CollectiveKV: Decoupling and Sharing Collaborative Information in Sequential Recommendation
Summary: arXiv:2601.19178v2 Announce Type: replace
Abstract
Sequential recommendation models are widely used in applications, yet they face stringent latency requirements. Mainstream models leverage the Transformer attention mechanism to improve performance, but its computational complexity grows with the sequence length, leading to a latency challenge for long sequences. Consequently, KV cache technology has recently been explored in sequential recommendation systems to reduce inference latency. However, KV cache introduces substantial storage overhead in sequential recommendation systems, which often have a large user base with potentially very long user history sequences.
Introduction
In the rapidly evolving field of recommendation systems, the efficiency of sequential recommendation models is crucial for delivering real-time suggestions to users. Nevertheless, the computational demands imposed by these models, especially when utilizing Transformer architectures, can lead to significant delays in processing time. This latency challenge becomes particularly pronounced when dealing with lengthy user sequences.
The Challenge of KV Cache
KV cache technology has emerged as a potential solution to mitigate inference latency in sequential recommendations. However, its implementation comes with challenges, particularly concerning storage overhead. As the user base expands, the volume of user history sequences can become cumbersome, leading to inefficient resource utilization.
Observations and Insights
Our research reveals a noteworthy observation: KV sequences across different users exhibit significant similarities. This indicates the presence of collaborative signals within the KV data. To better understand these signals, we conducted an analysis using singular value decomposition (SVD), which allowed us to dissect the information stored within the KV cache.
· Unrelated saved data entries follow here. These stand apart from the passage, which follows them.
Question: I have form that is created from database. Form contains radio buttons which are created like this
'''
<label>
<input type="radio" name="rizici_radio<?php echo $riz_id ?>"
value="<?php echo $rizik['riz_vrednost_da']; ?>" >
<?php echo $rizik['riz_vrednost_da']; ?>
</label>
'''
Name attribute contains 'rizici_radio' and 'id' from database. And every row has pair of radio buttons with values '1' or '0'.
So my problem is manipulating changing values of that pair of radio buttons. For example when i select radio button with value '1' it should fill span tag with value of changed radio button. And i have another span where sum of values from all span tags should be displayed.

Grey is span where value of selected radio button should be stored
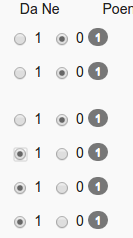
Answer: Using loop might create issue as some times loop counter value and DB ID's might differ. So what you need to do set DB ID to both radio button set like below where i am setting 'rel-id' value to DB Ids
'<label><input type="radio" class="promena" rel-id = '2' name="rizici_radio2" value="1" >1</label>'
'<label><input type="radio" class="promena" checked rel-id = '2' name="rizici_radio2" value="0">0</label>'
And use below jquery code
'''
$(".promena").on("change",function(){ // bind a function to the change event
if( $(this).is(":checked") ){ // check if the radio is checked
var val = $(this).val(); // retrieve the value
var id = $(this).attr("rel-id");
$("#bodovi"+id).val(val); //setting value to respective hidden field
$("#scores"+id).text(val); // showing selected radio button value in gray area
}
});
'''
Hope this helps you.
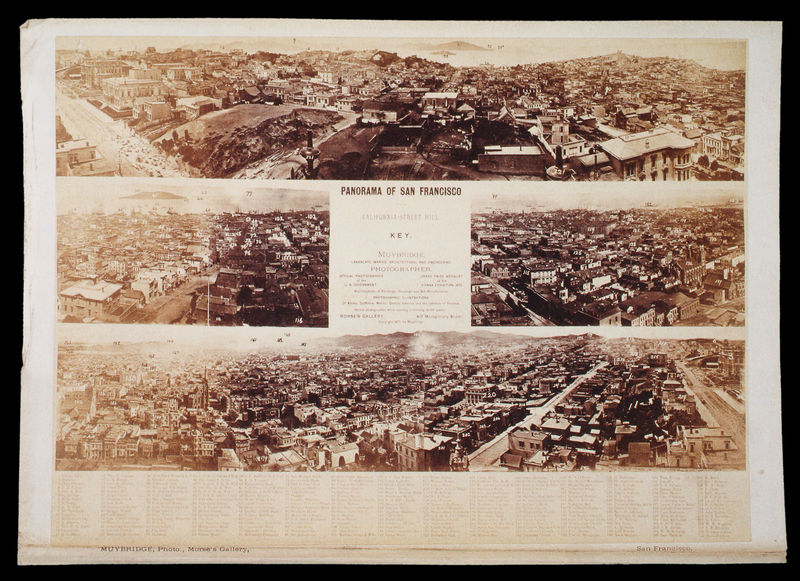
Titel: 360° Panorama von San Francisco
Künstler: Edward James Muybridge
Schlagwörter: meer, bäume, landschaft, stadt, straße, haus, park, alt, häuser, hügel, kirche, drei, bilder, amerika, foto, panorama, straßen, beschriftung, namen, postkarte, brau, abbildungen, historisch, san, francisco, san francisco, key, photography, kalifornien, of, panorama of san francisco, francicso
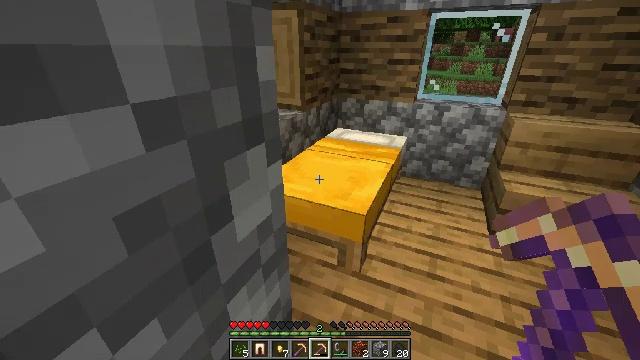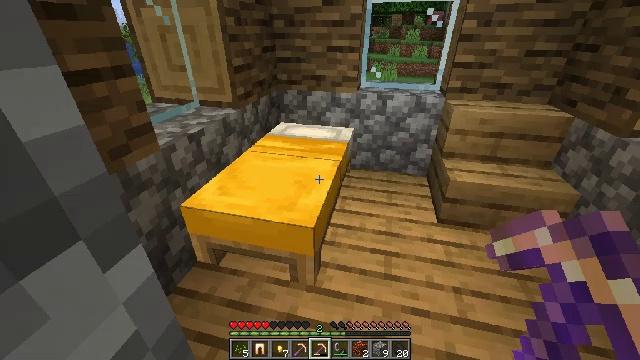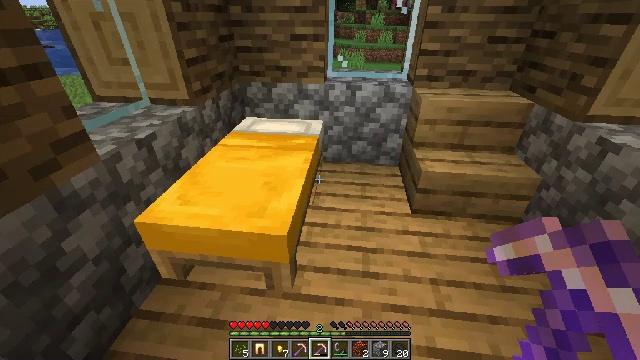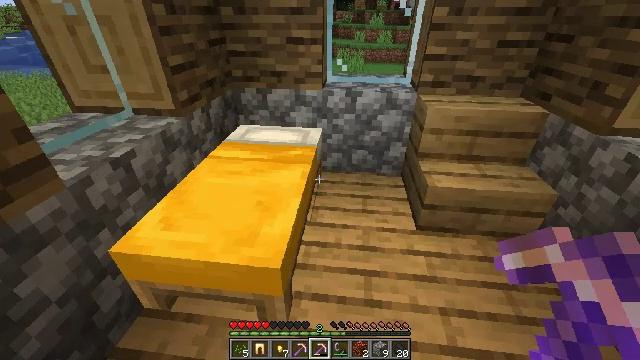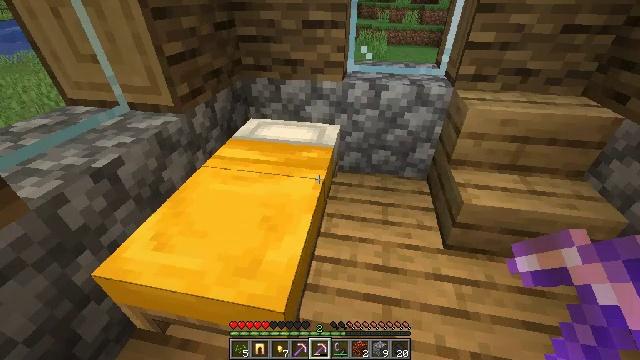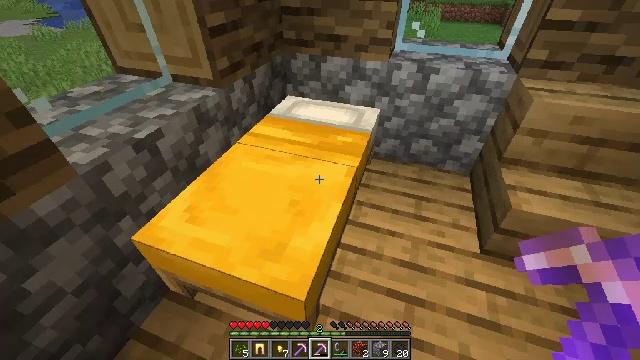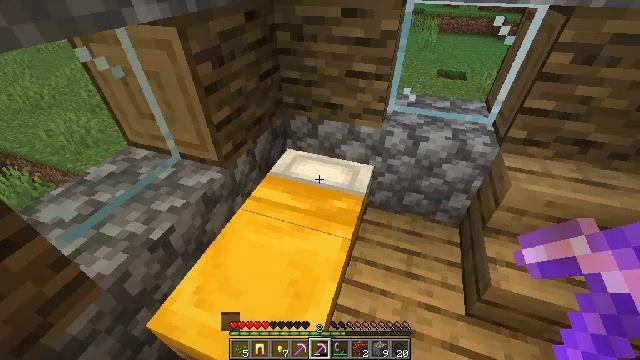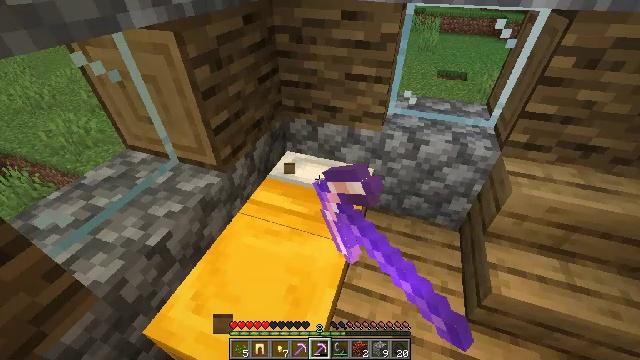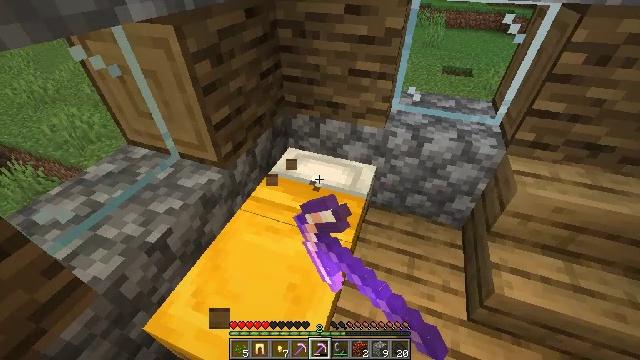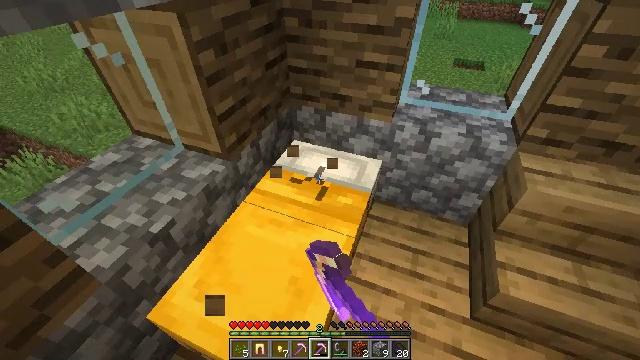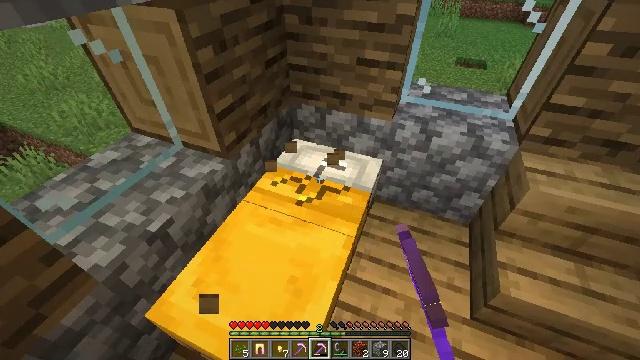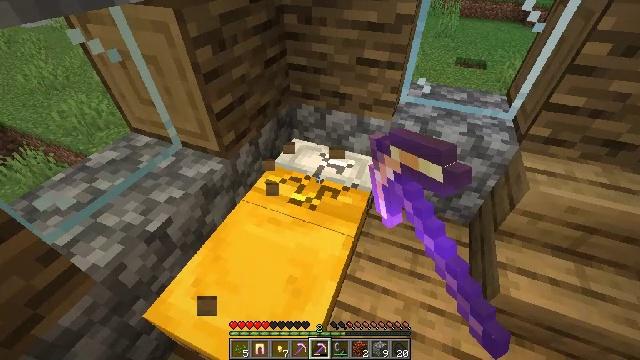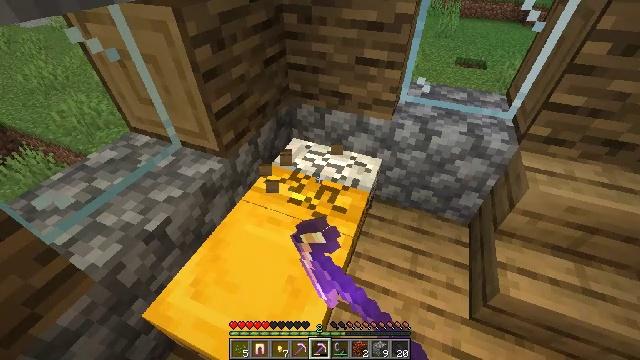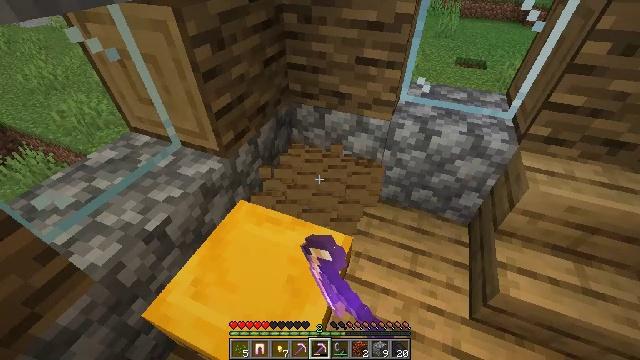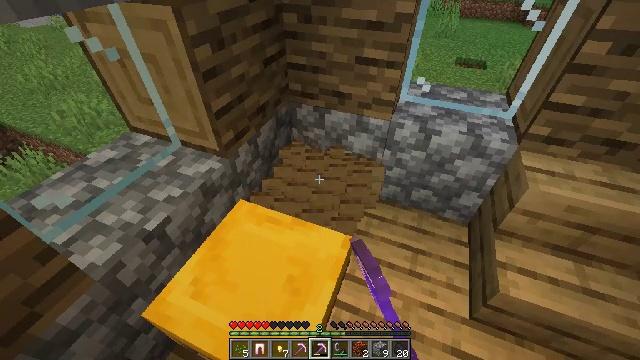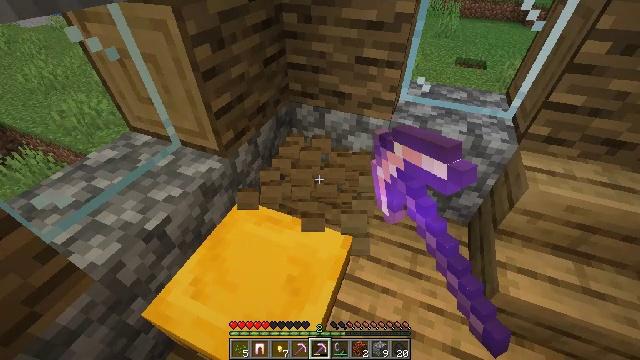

CollectiveKV: A Proposed Solution
Motivated by our findings, we propose CollectiveKV, a novel cross-user KV sharing mechanism. This approach focuses on two key aspects:
- It captures the information that is shared across users through a learnable global KV pool.
- During inference, each user can retrieve high-dimensional shared KV from this pool and concatenate it with low-dimensional user-specific KV to generate the final KV.
Experimental Results
To evaluate the effectiveness of CollectiveKV, we conducted experiments on five sequential recommendation models using three different datasets. The results were promising, indicating that our method allows for a dramatic reduction in the size of the KV cache, compressing it to merely 0.8% of its original size. Remarkably, this compression does not compromise model performance; in some cases, it even enhances it.
Conclusion
In conclusion, CollectiveKV presents a significant advancement in the realm of sequential recommendation systems. By effectively decoupling and sharing collaborative information, this innovative approach addresses the dual challenges of latency and storage overhead, paving the way for more efficient and user-friendly recommendation experiences.